Task to complete:
Run through the records and, wherever a line holds the word "translate", return that line.

(Source data)
────────────────

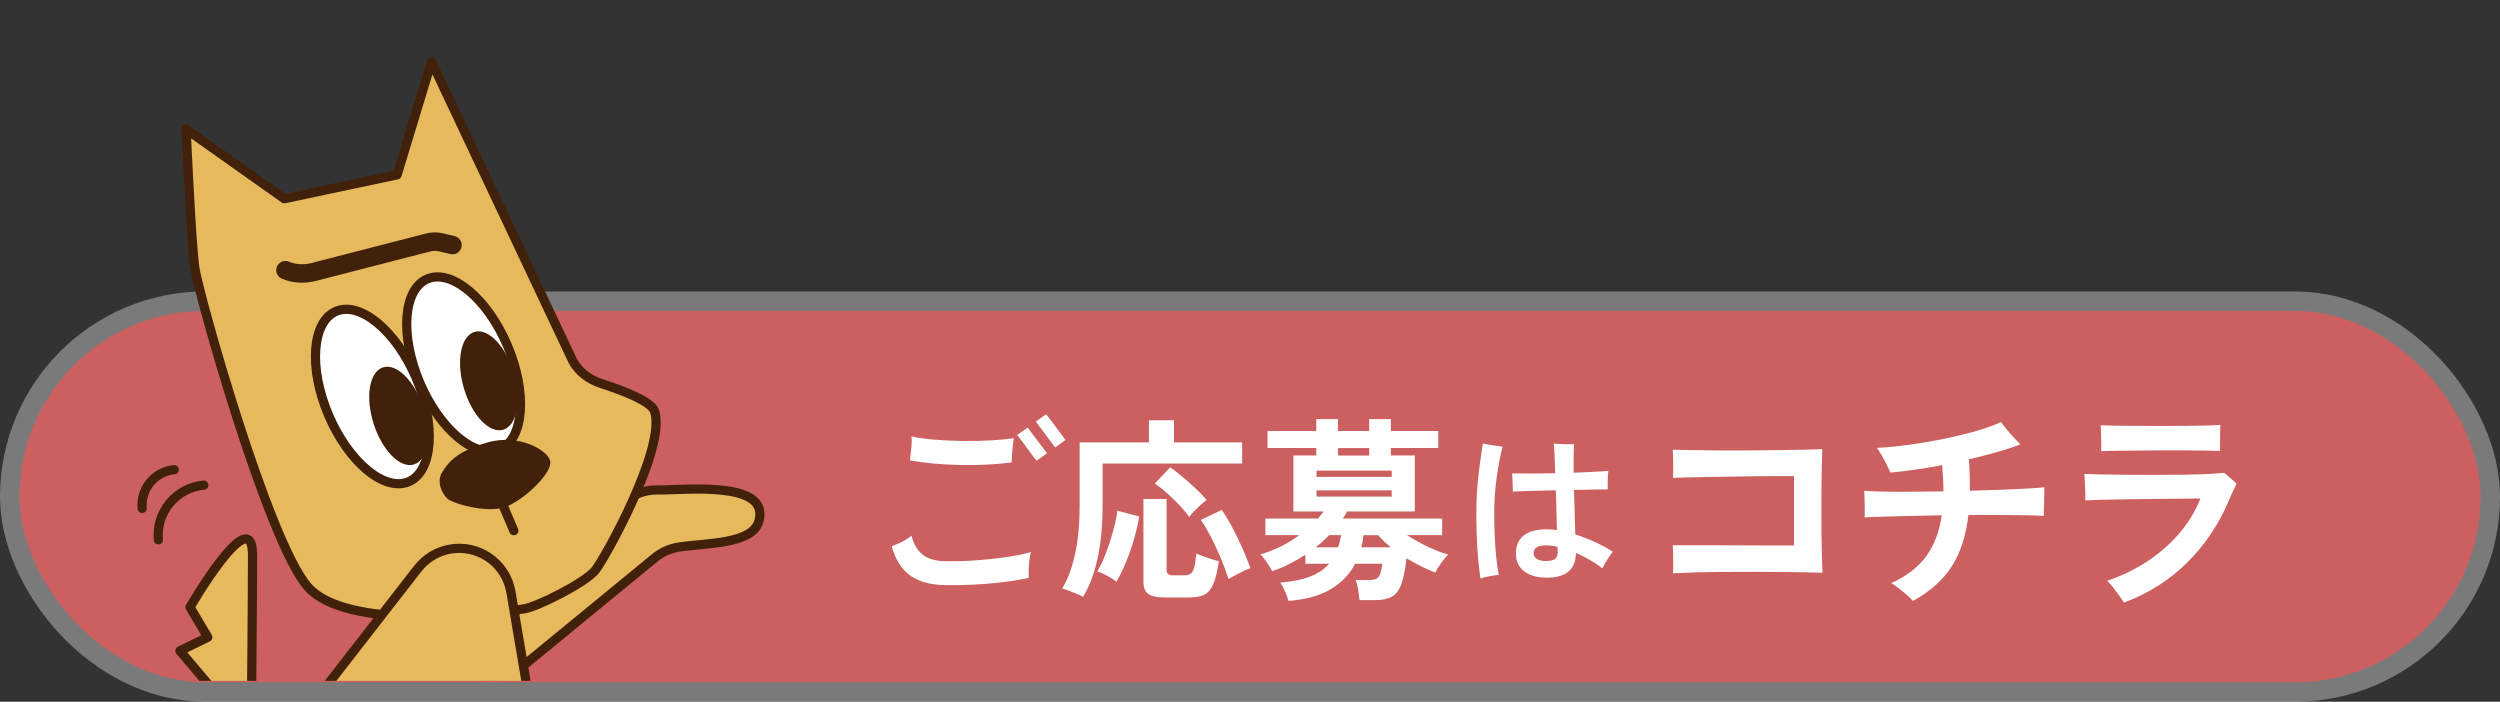 <?xml version="1.0" encoding="UTF-8"?>
<svg xmlns="http://www.w3.org/2000/svg" xmlns:xlink="http://www.w3.org/1999/xlink" id="_レイヤー_2" viewBox="0 0 900.89 252.88">
  <rect x="0" y="0" width="900.89" height="252.88" fill="#333333" stroke="none"/>
  <defs>
    <style>.cls-1,.cls-2,.cls-3,.cls-4{fill:none;}.cls-2{stroke-width:6.65px;}.cls-2,.cls-3,.cls-5{stroke-linecap:round;}.cls-2,.cls-3,.cls-5,.cls-6{stroke:#42210b;}.cls-2,.cls-6{stroke-miterlimit:10;}.cls-3,.cls-5{stroke-linejoin:round;}.cls-3,.cls-5,.cls-6{stroke-width:3.32px;}.cls-7{fill:#cc6060;}.cls-4{opacity:.35;stroke:#fff;stroke-width:14px;}.cls-8,.cls-6{fill:#fff;}.cls-5{fill:#e6b95c;}.cls-9{fill:#42210b;}.cls-10{clip-path:url(#clippath);}</style>
    <clipPath id="clippath">
      <rect class="cls-1" x="49.17" width="220.25" height="245.36"></rect>
    </clipPath>
  </defs>
  <g id="_レイヤー_1-2">
    <rect class="cls-4" x="7" y="112.02" width="886.89" height="133.85" rx="66.93" ry="66.93"></rect>
    <rect class="cls-7" x="7" y="112.02" width="886.89" height="133.85" rx="66.93" ry="66.93"></rect>
    <path class="cls-5" d="M159.77,223.85l3.69,11.56c2.48,7.77,13.66,10.66,23.26,6.01l49.28-40.44c2.44-2,5.36-3.31,8.48-3.81,9.88-1.58,26.91-.86,29.08-9.67,3.59-14.57-27.3-10.78-36.63-10.94-2.81-.05-5.58.58-8.1,1.82l-56.67,27.85c-9.03,2.88-14.57,10.78-12.38,17.63Z"></path>
    <path class="cls-5" d="M143.1,63l-40.65,8.61-35.39-25.06s1.8,39.98,3.12,49.89c1.12,8.43,26.32,98.69,40.81,115.11,13.68,15.5,63.47,10.31,78.06,7.81,4.72-.81,21.51-9.18,25.38-13.74,3.2-3.78,25.71-44.05,21.48-57.38-1.15-3.63-11.76-7.62-19.12-9.98-4.66-1.5-8.34-4.4-10.41-8.24l-50.89-107.8-12.39,40.79Z"></path>
    <path class="cls-2" d="M163.05,88.31l-4.3-1.01c-1.42-.33-2.98-.3-4.51.09l-41.71,10.75c-3.41.74-6.83.46-9.66-.78h0"></path>
    <ellipse class="cls-6" cx="134.19" cy="142.87" rx="17.15" ry="33.37" transform="translate(-45.3 64.12) rotate(-23.1)"></ellipse>
    <ellipse class="cls-6" cx="167.07" cy="131.21" rx="17.15" ry="33.37" transform="translate(-38.09 76.08) rotate(-23.1)"></ellipse>
    <ellipse class="cls-9" cx="143.61" cy="149.87" rx="9.41" ry="18.36" transform="translate(-38.8 50.82) rotate(-17.72)"></ellipse>
    <ellipse class="cls-9" cx="176.17" cy="137.23" rx="9.4" ry="18.37" transform="translate(-31.39 54.85) rotate(-16.27)"></ellipse>
    <path class="cls-9" d="M198.32,166.43c-.4-3.97-11.2-10.36-22.82-6.95s-14.19,7.61-16.22,10.8-.07,7.79,2.14,9.56c2.21,1.77,13.76,5,20.18,3.03,6.43-1.97,17.17-11.98,16.72-16.44Z"></path>
    <line class="cls-3" x1="180.54" y1="180.39" x2="185.16" y2="191.23"></line>
    <g class="cls-10">
      <path class="cls-5" d="M150.53,204.91l-33.32,42.9c-7.55,9.72-3.94,23.96,7.33,28.91l43.84,19.26c13.77,6.05,28.76-5.63,26.25-20.46l-10.51-62.17c-.87-5.14-3.83-9.7-8.17-12.59h0c-8.25-5.49-19.33-3.68-25.41,4.14Z"></path>
      <path class="cls-5" d="M90.68,247.63s.3-31.12.32-47.63c.03-20.11-22.53,18.8-22.53,18.8l6.42,10.84-10.06,4.89,18.98,22.38"></path>
    </g>
    <path class="cls-3" d="M57.07,194.55c-.93-9.97,6.39-18.8,16.35-19.73"></path>
    <path class="cls-3" d="M51.24,183.2c-.66-7.05,4.52-13.29,11.56-13.95"></path>
    <path class="cls-8" d="M340.8,210.85c-5.27-.05-9.49-1.16-12.66-3.35s-5.44-5.75-6.81-10.69c1.13-.38,2.34-.88,3.63-1.52,1.29-.63,2.46-1.4,3.49-2.29.71,2.92,2.01,5.17,3.92,6.77,1.91,1.6,4.71,2.42,8.43,2.47,4,.05,7.97-.08,11.92-.39,3.95-.31,7.57-.72,10.87-1.23,3.29-.52,5.93-1.08,7.9-1.69-.24.89-.42,1.94-.56,3.14-.14,1.2-.22,2.35-.25,3.46-.02,1.11-.01,2.01.04,2.72-3.34.75-7.6,1.39-12.77,1.91-5.17.52-10.89.75-17.14.71ZM364.57,166.61c-2.68.38-5.61.65-8.78.81-3.18.17-6.43.21-9.77.14-3.34-.07-6.56-.25-9.67-.53s-5.93-.66-8.47-1.13c0-.09.02-.23.07-.42.14-1.27.29-2.65.46-4.13.16-1.48.18-2.83.04-4.06,2.4.52,5.21.91,8.43,1.16,3.22.26,6.57.41,10.05.46,3.48.05,6.83-.02,10.05-.21,3.22-.19,6.01-.45,8.36-.78-.14.71-.27,1.61-.39,2.72-.12,1.11-.21,2.21-.28,3.32-.07,1.11-.11,1.99-.11,2.65ZM373.53,166.05c-.09-.09-.38-.46-.85-1.09-.47-.64-1.02-1.39-1.66-2.26-.64-.87-1.28-1.74-1.94-2.61-.66-.87-1.22-1.62-1.69-2.26-.47-.64-.75-1-.85-1.09l3.81-2.68c.09.14.48.67,1.16,1.59.68.92,1.45,1.94,2.29,3.07s1.61,2.14,2.29,3.03c.68.89,1.09,1.41,1.23,1.55l-3.81,2.75ZM380.24,161.25c-.09-.09-.38-.46-.85-1.09-.47-.63-1.02-1.39-1.66-2.26-.64-.87-1.28-1.74-1.94-2.61-.66-.87-1.22-1.62-1.69-2.26-.47-.63-.75-1-.85-1.09l3.74-2.68c.14.14.55.67,1.23,1.59.68.92,1.45,1.94,2.29,3.07.85,1.13,1.61,2.15,2.29,3.07.68.92,1.07,1.45,1.16,1.59l-3.74,2.68Z"></path>
    <path class="cls-8" d="M390.25,215.08c-.61-.38-1.41-.77-2.4-1.16-.99-.4-1.94-.78-2.86-1.13-.92-.35-1.66-.58-2.22-.67,2.07-3.53,3.63-7.76,4.69-12.7,1.06-4.94,1.59-10.63,1.59-17.07v-22.93h24.98v-7.97h9.03v7.97h24.55v7.62h-50.3v15.45c0,7.15-.61,13.45-1.83,18.91-1.22,5.46-2.96,10.02-5.22,13.69ZM402.32,209.65c-.89-.75-2.04-1.49-3.42-2.22-1.39-.73-2.55-1.23-3.49-1.52,1.08-1.79,2.12-3.97,3.1-6.56.99-2.59,1.86-5.24,2.61-7.97.75-2.73,1.27-5.17,1.55-7.34l7.83,2.05c-.38,2.49-.98,5.16-1.8,8.01-.82,2.85-1.79,5.62-2.89,8.33-1.11,2.71-2.27,5.11-3.49,7.23ZM419.67,215.3c-2.78,0-4.74-.42-5.89-1.27-1.15-.85-1.73-2.28-1.73-4.3v-29.91h8.33v25.61c0,1.27.75,1.9,2.26,1.9h4.02c1.08,0,1.9-.22,2.47-.67.56-.45.99-1.25,1.27-2.4.28-1.15.52-2.76.71-4.83.61.33,1.41.67,2.4,1.02.99.35,2,.69,3.03,1.02,1.03.33,1.93.59,2.68.78-.52,3.58-1.18,6.3-1.98,8.18-.8,1.88-1.87,3.16-3.21,3.84-1.34.68-3.16,1.02-5.47,1.02h-8.89ZM428.56,186.3c-.89-1.27-2.05-2.66-3.46-4.16-1.41-1.5-2.9-2.96-4.48-4.37-1.58-1.41-3.07-2.59-4.48-3.53l5.57-5.86c1.32.94,2.76,2.07,4.34,3.39,1.58,1.32,3.14,2.71,4.69,4.16,1.55,1.46,2.92,2.87,4.09,4.23-.66.47-1.41,1.09-2.26,1.87-.85.78-1.63,1.54-2.36,2.29-.73.75-1.28,1.41-1.66,1.98ZM442.74,208.66c-.8-2.44-1.76-5.01-2.89-7.69-1.13-2.68-2.32-5.22-3.56-7.62-1.25-2.4-2.43-4.4-3.56-6l7.55-3.6c.89,1.27,1.83,2.79,2.82,4.55.99,1.76,1.95,3.62,2.89,5.57.94,1.95,1.81,3.87,2.61,5.75.8,1.88,1.46,3.6,1.98,5.15-1.04.33-2.33.89-3.88,1.69-1.55.8-2.87,1.53-3.95,2.19Z"></path>
    <path class="cls-8" d="M464.33,216.57c-.24-.94-.64-2.05-1.2-3.32s-1.15-2.38-1.76-3.32c4.56-.38,8.23-1.13,11.01-2.26,2.77-1.13,4.96-2.63,6.56-4.52h-8.54v-3.25c-1.88,1.22-3.83,2.35-5.86,3.39-2.02,1.04-4.07,1.88-6.14,2.54-.24-.56-.61-1.25-1.13-2.05-.52-.8-1.06-1.58-1.62-2.33-.56-.75-1.04-1.32-1.41-1.69,2.35-.66,4.73-1.58,7.13-2.75,2.4-1.18,4.68-2.56,6.84-4.16h-12.21v-6h18.98c.38-.42.72-.85,1.02-1.27.31-.42.62-.85.95-1.27h-10.87v-20.18h8.25v-2.68h-17.57v-6.14h17.57v-4.3h7.83v4.3h11.22v-4.3h7.83v4.3h17.07v6.14h-17.07v2.68h8.61v20.18h-24.41c-.19.42-.42.85-.71,1.27s-.54.85-.78,1.27h35.77v6h-12.63c2.3,1.51,4.76,2.88,7.37,4.13,2.61,1.25,5.09,2.2,7.44,2.86-.75.75-1.61,1.79-2.58,3.1-.96,1.32-1.63,2.45-2.01,3.39-1.55-.56-3.23-1.29-5.04-2.19-1.81-.89-3.61-1.88-5.4-2.96-.47,4.19-1.12,7.36-1.94,9.52-.82,2.16-1.99,3.63-3.49,4.41-1.51.78-3.53,1.16-6.07,1.16h-5.43c-.05-.61-.14-1.39-.28-2.33-.14-.94-.31-1.88-.49-2.82-.19-.94-.4-1.65-.64-2.12h4.87c1.13,0,1.99-.14,2.58-.42.59-.28,1.05-.85,1.38-1.69.33-.85.59-2.09.78-3.74h-9.81c-1.93,3.76-4.83,6.81-8.71,9.14-3.88,2.33-8.97,3.75-15.27,4.27ZM474.14,197.23h8.04c.23-.66.45-1.36.63-2.12.19-.75.35-1.5.49-2.26h-4.3c-.75.75-1.53,1.49-2.33,2.22-.8.73-1.65,1.45-2.54,2.15ZM474.42,171.84h27.09v-2.26h-27.09v2.26ZM474.42,178.96h27.09v-2.26h-27.09v2.26ZM482.18,164.15h11.22v-2.68h-11.22v2.68ZM490.58,197.23h10.65c-1.79-1.41-3.32-2.87-4.59-4.37h-5.29c-.09.75-.2,1.49-.32,2.22-.12.73-.27,1.45-.46,2.15Z"></path>
    <path class="cls-8" d="M533.5,208.49c-.3-1.88-.57-4.16-.82-6.83-.25-2.67-.42-5.63-.54-8.89-.11-3.25-.15-6.65-.11-10.19.04-2.82.19-5.64.45-8.47.26-2.82.57-5.46.93-7.93.36-2.46.67-4.58.93-6.35.6.11,1.33.25,2.2.42.87.17,1.74.31,2.62.42.88.11,1.65.21,2.29.28-.45,1.77-.9,3.87-1.35,6.29-.45,2.43-.83,5-1.13,7.7-.3,2.71-.47,5.36-.51,7.96-.04,3.27,0,6.46.14,9.57.13,3.1.33,5.93.59,8.47.26,2.54.56,4.62.9,6.24-.56.04-1.27.12-2.12.25-.85.13-1.67.29-2.48.48-.81.19-1.48.38-2,.56ZM557.38,208.16c-3.5,0-6.23-.77-8.18-2.31-1.96-1.54-2.94-3.69-2.94-6.43s.93-4.93,2.79-6.43c1.86-1.5,4.67-2.26,8.44-2.26.56,0,1.15.03,1.75.08.6.06,1.2.12,1.81.2-.04-2.07-.09-4.35-.17-6.83-.08-2.48-.15-4.99-.23-7.51-3.05.08-5.97.15-8.78.23-2.8.08-5.05.15-6.75.23.04-.56.04-1.28,0-2.15-.04-.87-.08-1.71-.11-2.54-.04-.83-.08-1.45-.11-1.86,1.66.04,3.88.06,6.69.06s5.75-.04,8.83-.11c-.08-2.56-.16-4.8-.25-6.72-.09-1.92-.2-3.24-.31-3.95.6.04,1.37.08,2.31.14.94.06,1.87.08,2.79.08h2.23c-.04.64-.08,1.89-.11,3.75-.04,1.86-.04,4.04,0,6.52,2.75-.11,5.25-.23,7.51-.34s3.91-.23,4.97-.34c-.08.56-.13,1.27-.17,2.12-.04.85-.06,1.68-.06,2.51s.02,1.51.06,2.03c-1.09.04-2.73.07-4.91.08-2.18.02-4.61.07-7.28.14.08,2.86.16,5.72.25,8.58.09,2.86.16,5.34.2,7.45,4.78,1.51,9.29,3.58,13.55,6.21-.64.79-1.33,1.77-2.06,2.94-.73,1.17-1.31,2.18-1.72,3.05-1.47-1.13-3.01-2.15-4.63-3.08-1.62-.92-3.25-1.74-4.91-2.46,0,5.95-3.5,8.92-10.5,8.92ZM556.87,202.17c1.84,0,3.07-.29,3.67-.87.6-.58.87-1.51.79-2.79-.04-.15-.06-.35-.06-.59v-.88c-1.47-.34-2.82-.51-4.06-.51-1.62,0-2.79.24-3.5.71-.71.47-1.07,1.19-1.07,2.17,0,.83.39,1.5,1.16,2,.77.51,1.8.76,3.08.76Z"></path>
    <path class="cls-8" d="M602.88,206.57c.05-.67.08-1.64.08-2.91s-.01-2.57-.04-3.92c-.03-1.34-.07-2.43-.12-3.26h12.81c3.26,0,6.73.01,10.4.04,3.67.03,7.29.04,10.87.04h9.62v-24.99h-5.01c-2.25,0-4.84.01-7.76.04-2.92.03-5.94.07-9.04.12-3.1.05-6.12.1-9.04.15-2.92.05-5.51.1-7.76.16-2.25.05-3.92.1-5.01.16.05-.83.08-1.86.08-3.1s-.01-2.51-.04-3.8c-.03-1.29-.07-2.38-.12-3.26,1.6.05,3.81.1,6.64.16,2.82.05,6,.09,9.55.12,3.54.03,7.2.03,10.98,0,3.78-.03,7.42-.06,10.94-.12,3.52-.05,6.66-.1,9.43-.16,2.77-.05,4.88-.13,6.32-.23-.05,1.24-.1,3.01-.15,5.32-.05,2.3-.09,4.93-.12,7.88-.03,2.95-.04,5.99-.04,9.12s.01,6.16.04,9.08c.03,2.92.08,5.54.16,7.84.08,2.3.14,4.07.19,5.32-3.57-.1-7.42-.18-11.56-.23-4.14-.05-8.3-.08-12.49-.08s-8.21.01-12.07.04c-3.85.03-7.32.09-10.4.19-3.08.1-5.52.21-7.33.31Z"></path>
    <path class="cls-8" d="M689.33,216.58c-.47-.57-1.16-1.27-2.1-2.1-.93-.83-1.91-1.64-2.95-2.44-1.04-.8-1.94-1.44-2.72-1.9,5.59-2.59,9.8-5.86,12.65-9.82,2.84-3.96,4.68-8.83,5.51-14.63-4.04.05-7.92.13-11.64.23-3.73.1-7,.19-9.82.27-2.82.08-4.93.17-6.33.27.05-.88.06-1.97.04-3.26-.03-1.29-.05-2.55-.08-3.76-.03-1.21-.07-2.08-.12-2.6,1.5.16,3.7.26,6.6.31,2.9.05,6.25.07,10.05.04,3.8-.03,7.77-.06,11.91-.12,0-3-.16-6.16-.47-9.47-3.42.67-6.73,1.23-9.93,1.67-3.21.44-6.11.79-8.69,1.05-.36-.83-.83-1.81-1.4-2.95-.57-1.14-1.16-2.25-1.79-3.34-.62-1.09-1.19-1.97-1.71-2.64,3.52-.15,7.36-.52,11.52-1.09,4.16-.57,8.33-1.28,12.5-2.13,4.16-.85,8.06-1.8,11.68-2.83,3.62-1.03,6.62-2.12,9-3.26.57.78,1.27,1.67,2.1,2.68.83,1.01,1.69,1.99,2.6,2.95.9.96,1.67,1.77,2.29,2.44-2.38.93-5.17,1.85-8.38,2.76-3.21.91-6.6,1.77-10.17,2.6.16,2.02.26,3.97.31,5.86.05,1.89.08,3.71.08,5.47,3.88-.1,7.59-.22,11.14-.35,3.54-.13,6.69-.27,9.43-.43,2.74-.16,4.84-.31,6.29-.47,0,.67-.03,1.72-.08,3.14-.05,1.42-.09,2.82-.12,4.19-.03,1.37-.04,2.37-.04,2.99-1.55-.1-3.73-.18-6.52-.23-2.79-.05-5.96-.09-9.51-.12-3.54-.03-7.26-.01-11.14.04-.83,7.4-2.83,13.57-6.01,18.51-3.18,4.94-7.85,9.09-14.01,12.46Z"></path>
    <path class="cls-8" d="M765.39,217.12c-.36-.57-.89-1.35-1.59-2.33-.7-.98-1.45-1.98-2.25-2.99-.8-1.01-1.54-1.85-2.21-2.52,5.23-1.76,10.04-4.09,14.44-6.98,4.4-2.9,8.24-6.26,11.52-10.09,3.29-3.83,5.83-8.02,7.64-12.57-1.04,0-2.61.01-4.73.04-2.12.03-4.55.05-7.3.08-2.74.03-5.58.05-8.5.08-2.92.03-5.77.07-8.54.12-2.77.05-5.24.1-7.41.16-2.17.05-3.85.13-5.04.23.05-.57.06-1.49.04-2.75-.03-1.27-.08-2.56-.16-3.88s-.14-2.29-.19-2.91c1.29.05,3.26.1,5.9.16,2.64.05,5.67.09,9.08.12,3.42.03,6.96.04,10.63.04s7.19-.03,10.55-.08c3.36-.05,6.3-.14,8.81-.27,2.51-.13,4.31-.27,5.39-.43.57.52,1.32,1.16,2.25,1.94.93.78,1.68,1.45,2.25,2.02-.36.67-.85,1.68-1.47,3.03-.62,1.35-1.22,2.69-1.78,4.04-3.47,8.02-8.33,15.15-14.59,21.38-6.26,6.23-13.84,11.03-22.74,14.4ZM757.16,162.57c.05-.78.06-1.73.04-2.87-.03-1.14-.05-2.3-.08-3.49-.03-1.19-.07-2.17-.12-2.95.93.05,2.48.09,4.66.12,2.17.03,4.71.05,7.61.08,2.9.03,5.92.04,9.08.04s6.2-.01,9.12-.04c2.92-.03,5.51-.06,7.76-.12,2.25-.05,3.87-.13,4.85-.23,0,.67-.01,1.59-.04,2.75-.03,1.16-.04,2.34-.04,3.53v3.1c-1.14-.05-2.85-.09-5.12-.12-2.28-.03-4.85-.05-7.72-.08-2.87-.03-5.85-.03-8.92,0-3.08.03-6.04.05-8.89.08-2.85.03-5.34.05-7.49.08-2.15.03-3.71.07-4.7.12Z"></path>
  </g>
</svg>

────────────────

Task response:
    <ellipse class="cls-6" cx="134.19" cy="142.87" rx="17.15" ry="33.37" transform="translate(-45.3 64.12) rotate(-23.1)"></ellipse>
    <ellipse class="cls-6" cx="167.07" cy="131.21" rx="17.15" ry="33.37" transform="translate(-38.09 76.08) rotate(-23.1)"></ellipse>
    <ellipse class="cls-9" cx="143.61" cy="149.87" rx="9.41" ry="18.36" transform="translate(-38.8 50.82) rotate(-17.72)"></ellipse>
    <ellipse class="cls-9" cx="176.17" cy="137.23" rx="9.4" ry="18.37" transform="translate(-31.39 54.85) rotate(-16.27)"></ellipse>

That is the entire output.